Дорогой друг Alexandrine, чем старше я становлюсь, тем мне с все большей и большей нежностью хочется обращаться к вам. Ваше последнее милое письмо с сведениями о Николае Павловиче особенно растрогало меня. Я лежу больной и слабый, как видите, и не пишу своей рукой, а пишет дочь Маша, и, находясь в полном обладании ума и чувств, особенно склонен к умилению. Все это перифразы для того, чтобы сказать, что я очень и очень люблю вас.
Я пишу не биографию Николая, но несколько сцен из его жизни мне нужны в моей повести «Хаджи-Мурат». А так как я люблю писать только то, что я хорошо понимаю, ayant, так сказать, les coudées franches, то мне надо совершенно, насколько могу, овладеть ключом к его характеру. Вот для этого-то я собираю, читаю все, что относится до его жизни и характера. То, что вы прислали, мне очень драгоценно, но еще бы было нужнее то, что вы отдали Шильдеру. Я надеюсь достать это у Шубинского, получившего бумаги Шильдера. Мне нужно именно подробности обыденной жизни, то, что называется la petite histoire: история его интриг, завязывавшихся в маскараде, его отношение к Нелидовой и отношение к нему его жены. Записки Мандта, если вам не трудно, тоже, пожалуйста, пришлите.
Не осудите меня, милый друг, что, стоя, действительно стоя одной ногой в гробу, я занимаюсь такими пустяками. Пустяки эти заполняют мое свободное время и дают отдых от тех настоящих, серьезных мыслей, которыми переполнена моя душа.

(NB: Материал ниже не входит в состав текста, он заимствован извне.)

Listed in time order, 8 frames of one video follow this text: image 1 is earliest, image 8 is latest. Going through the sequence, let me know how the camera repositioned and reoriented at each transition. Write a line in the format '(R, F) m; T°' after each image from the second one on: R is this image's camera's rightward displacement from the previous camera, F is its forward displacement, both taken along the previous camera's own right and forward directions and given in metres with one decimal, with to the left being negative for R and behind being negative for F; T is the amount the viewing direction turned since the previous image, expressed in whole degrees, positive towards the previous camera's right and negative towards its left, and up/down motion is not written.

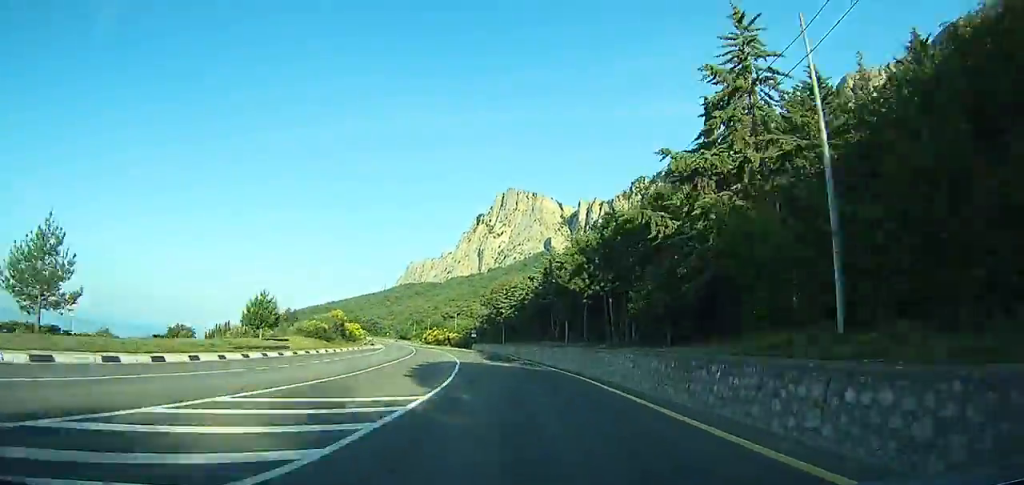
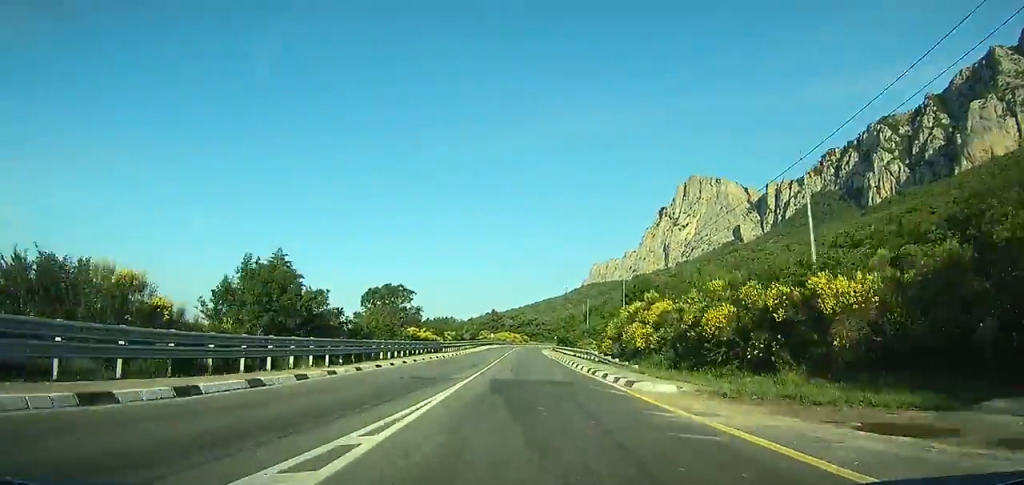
(-12.6, +97.6) m; -13°
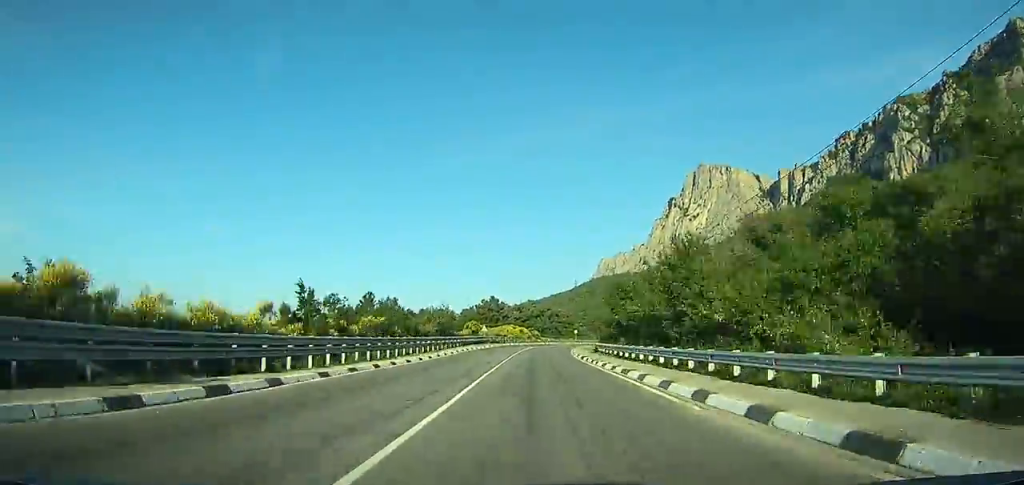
(-1.5, +46.2) m; -1°
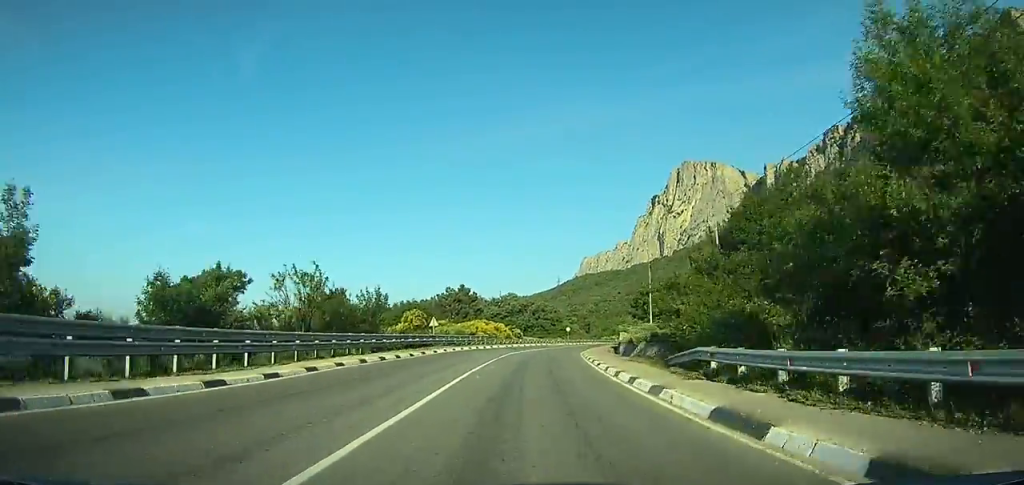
(0.0, +30.3) m; +1°
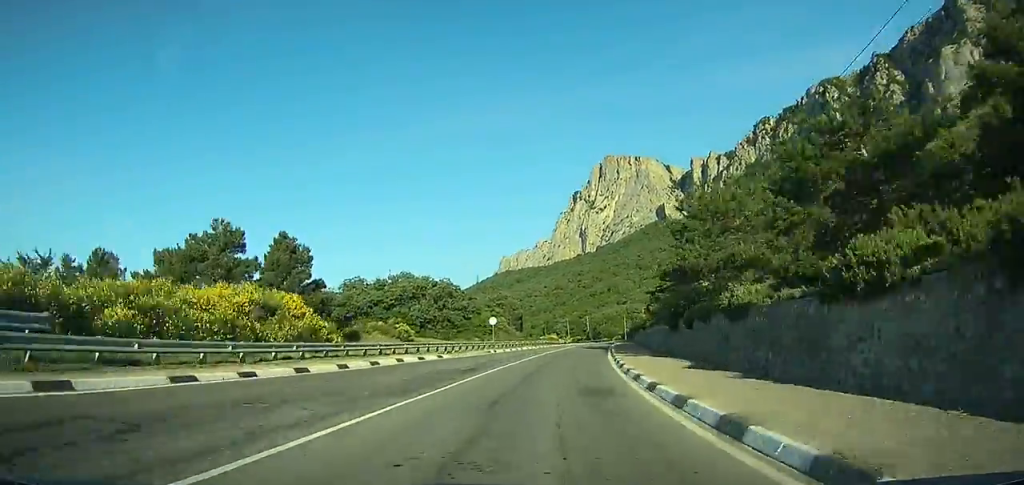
(+2.4, +54.0) m; +6°
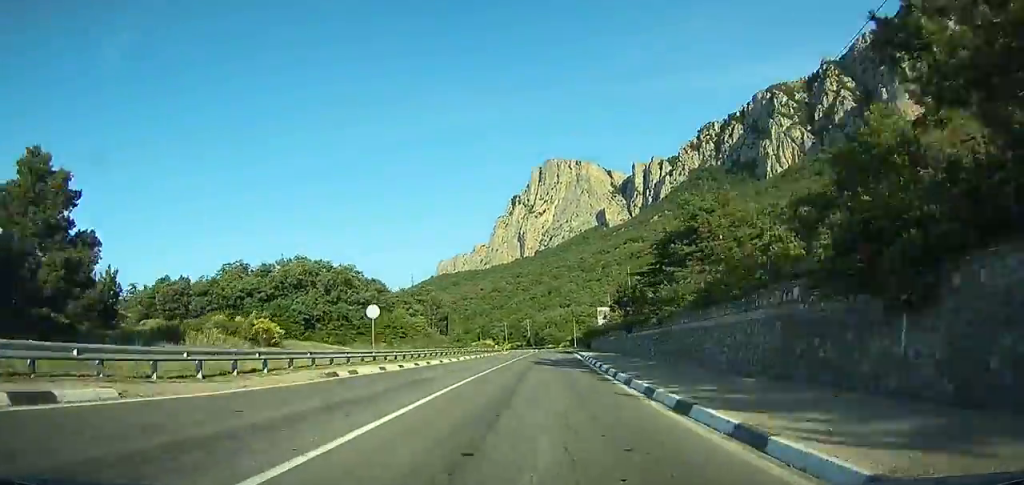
(+0.5, +24.1) m; +3°
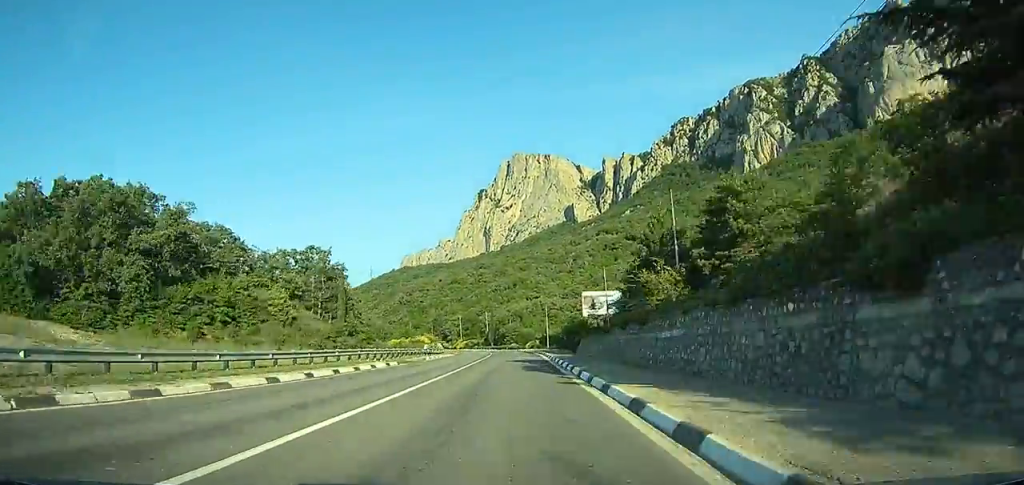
(+1.5, +36.8) m; +2°
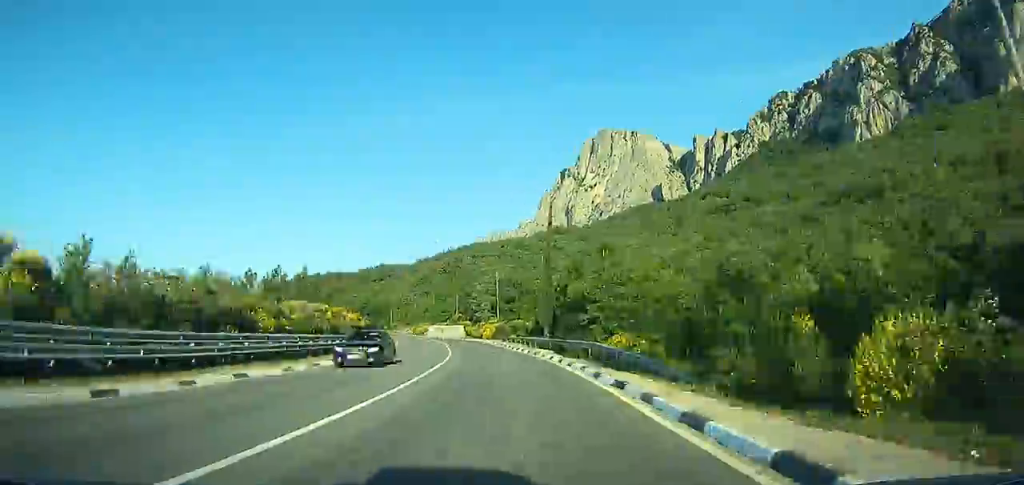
(-1.6, +87.3) m; -5°
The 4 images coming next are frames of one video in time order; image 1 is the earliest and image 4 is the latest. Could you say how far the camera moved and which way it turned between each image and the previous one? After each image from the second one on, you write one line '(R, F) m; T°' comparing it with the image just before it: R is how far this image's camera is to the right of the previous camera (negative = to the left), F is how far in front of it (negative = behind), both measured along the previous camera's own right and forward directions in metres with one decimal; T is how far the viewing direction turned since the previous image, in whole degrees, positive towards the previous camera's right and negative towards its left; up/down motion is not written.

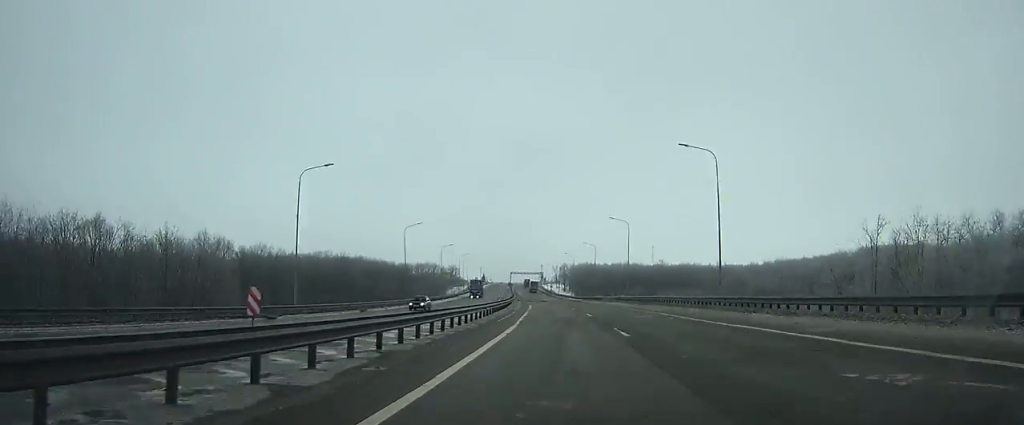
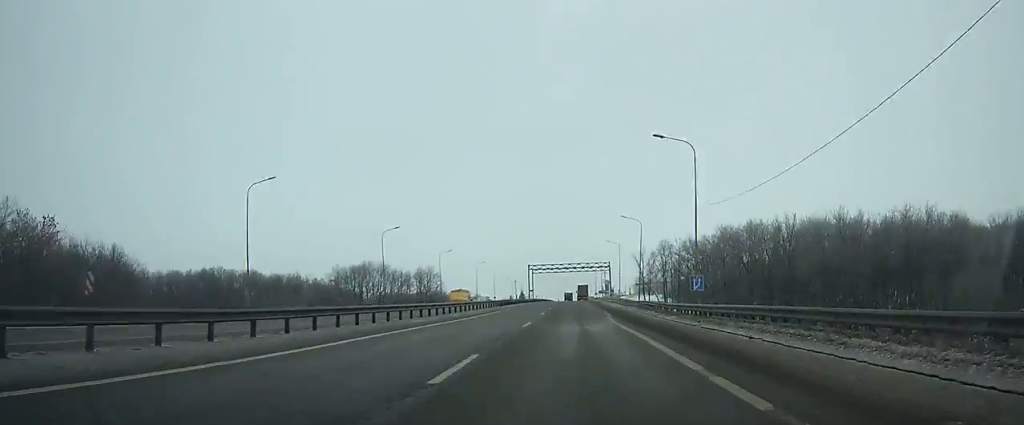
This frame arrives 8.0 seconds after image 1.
(-14.0, +193.1) m; -6°
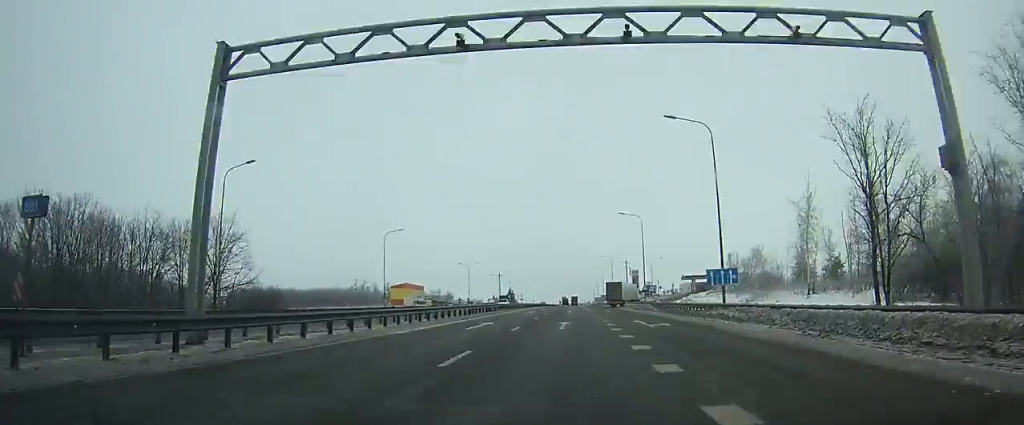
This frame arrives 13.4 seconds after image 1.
(-0.2, +122.5) m; -1°
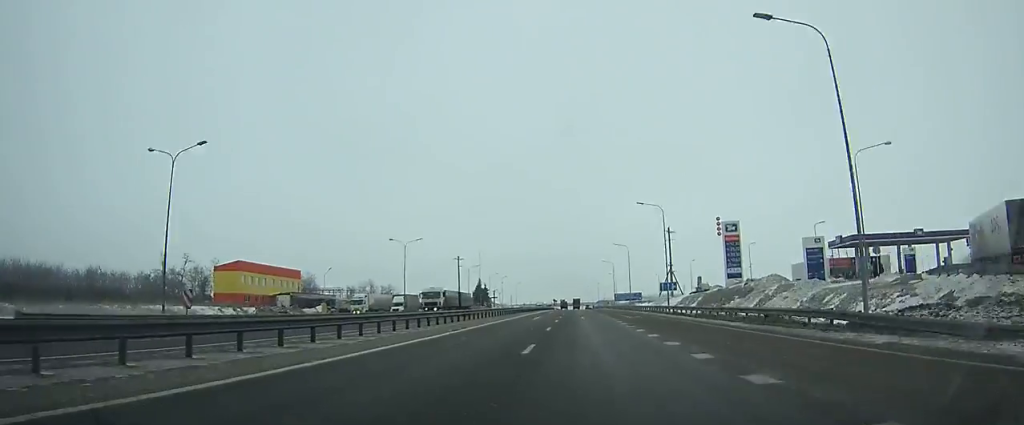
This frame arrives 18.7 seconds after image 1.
(-1.1, +116.4) m; 0°

Да, вероятно, мы уже больше в этом мире не увидимся; так богу угодно, стало быть, это хорошо. Не думаю тоже, чтобы мы увидались там так, как мы разумеем свидание, но думаю и вполне уверен, что и в той жизни все то доброе, любовное и хорошее, которое вы дали мне в этой жизни, останется со мною, может быть, такие же крохи от меня останутся и у вас. Вообще, приближаясь к неизбежному и хорошему пределу, я чувствую, что чем определеннее мои представления о том, что будет там, тем я менее верю в них, и, напротив, чем неопределеннее, тем вера в то, что жизнь не кончается здесь, а начинается новая и лучшая там, сильнее и тверже. Так что все сводится к вере в благость божью, — все, что у него и от него, все то благо. Что как я от него исшел, родившись, так к нему иду, умирая, и что, кроме хорошего, от этого ничего быть не может. «В руки твои предаю дух мой».